■ **WHAT THIS TASK INVOLVES**: Transcribe every line of the entries exactly.

■ **PROVIDED MATERIAL**:
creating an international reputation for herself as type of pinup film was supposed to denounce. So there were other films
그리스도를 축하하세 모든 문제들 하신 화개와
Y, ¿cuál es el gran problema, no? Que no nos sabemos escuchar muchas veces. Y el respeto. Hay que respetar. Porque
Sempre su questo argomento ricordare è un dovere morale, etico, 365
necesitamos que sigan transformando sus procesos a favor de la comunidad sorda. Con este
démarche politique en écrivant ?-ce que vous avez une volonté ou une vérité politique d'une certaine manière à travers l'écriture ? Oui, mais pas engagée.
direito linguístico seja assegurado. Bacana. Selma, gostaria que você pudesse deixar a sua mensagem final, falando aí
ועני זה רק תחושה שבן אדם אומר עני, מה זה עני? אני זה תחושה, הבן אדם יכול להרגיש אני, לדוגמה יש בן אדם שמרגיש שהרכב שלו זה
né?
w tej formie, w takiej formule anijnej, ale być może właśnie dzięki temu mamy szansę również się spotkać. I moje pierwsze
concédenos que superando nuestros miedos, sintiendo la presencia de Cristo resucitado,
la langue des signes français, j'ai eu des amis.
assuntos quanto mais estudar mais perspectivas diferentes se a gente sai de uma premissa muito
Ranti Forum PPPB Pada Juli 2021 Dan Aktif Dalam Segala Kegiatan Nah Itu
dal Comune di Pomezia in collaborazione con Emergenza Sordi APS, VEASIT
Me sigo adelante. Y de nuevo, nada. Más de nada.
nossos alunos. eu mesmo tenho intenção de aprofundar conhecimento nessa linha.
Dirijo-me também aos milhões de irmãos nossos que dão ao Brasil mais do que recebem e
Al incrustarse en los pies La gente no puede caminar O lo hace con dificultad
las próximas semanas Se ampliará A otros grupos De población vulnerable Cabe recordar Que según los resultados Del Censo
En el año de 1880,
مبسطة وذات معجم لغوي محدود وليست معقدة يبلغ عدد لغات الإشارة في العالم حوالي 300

■ **ANSWER TO THIS EXERCISE**:
creating an international reputation for herself as type of pinup film was supposed to denounce. So there were other films
그리스도를 축하하세 모든 문제들 하신 화개와
Y, ¿cuál es el gran problema, no? Que no nos sabemos escuchar muchas veces. Y el respeto. Hay que respetar. Porque
Sempre su questo argomento ricordare è un dovere morale, etico, 365
necesitamos que sigan transformando sus procesos a favor de la comunidad sorda. Con este
démarche politique en écrivant ?-ce que vous avez une volonté ou une vérité politique d'une certaine manière à travers l'écriture ? Oui, mais pas engagée.
direito linguístico seja assegurado. Bacana. Selma, gostaria que você pudesse deixar a sua mensagem final, falando aí
ועני זה רק תחושה שבן אדם אומר עני, מה זה עני? אני זה תחושה, הבן אדם יכול להרגיש אני, לדוגמה יש בן אדם שמרגיש שהרכב שלו זה
né?
w tej formie, w takiej formule anijnej, ale być może właśnie dzięki temu mamy szansę również się spotkać. I moje pierwsze
concédenos que superando nuestros miedos, sintiendo la presencia de Cristo resucitado,
la langue des signes français, j'ai eu des amis.
assuntos quanto mais estudar mais perspectivas diferentes se a gente sai de uma premissa muito
Ranti Forum PPPB Pada Juli 2021 Dan Aktif Dalam Segala Kegiatan Nah Itu
dal Comune di Pomezia in collaborazione con Emergenza Sordi APS, VEASIT
Me sigo adelante. Y de nuevo, nada. Más de nada.
nossos alunos. eu mesmo tenho intenção de aprofundar conhecimento nessa linha.
Dirijo-me também aos milhões de irmãos nossos que dão ao Brasil mais do que recebem e
Al incrustarse en los pies La gente no puede caminar O lo hace con dificultad
las próximas semanas Se ampliará A otros grupos De población vulnerable Cabe recordar Que según los resultados Del Censo
En el año de 1880,
مبسطة وذات معجم لغوي محدود وليست معقدة يبلغ عدد لغات الإشارة في العالم حوالي 300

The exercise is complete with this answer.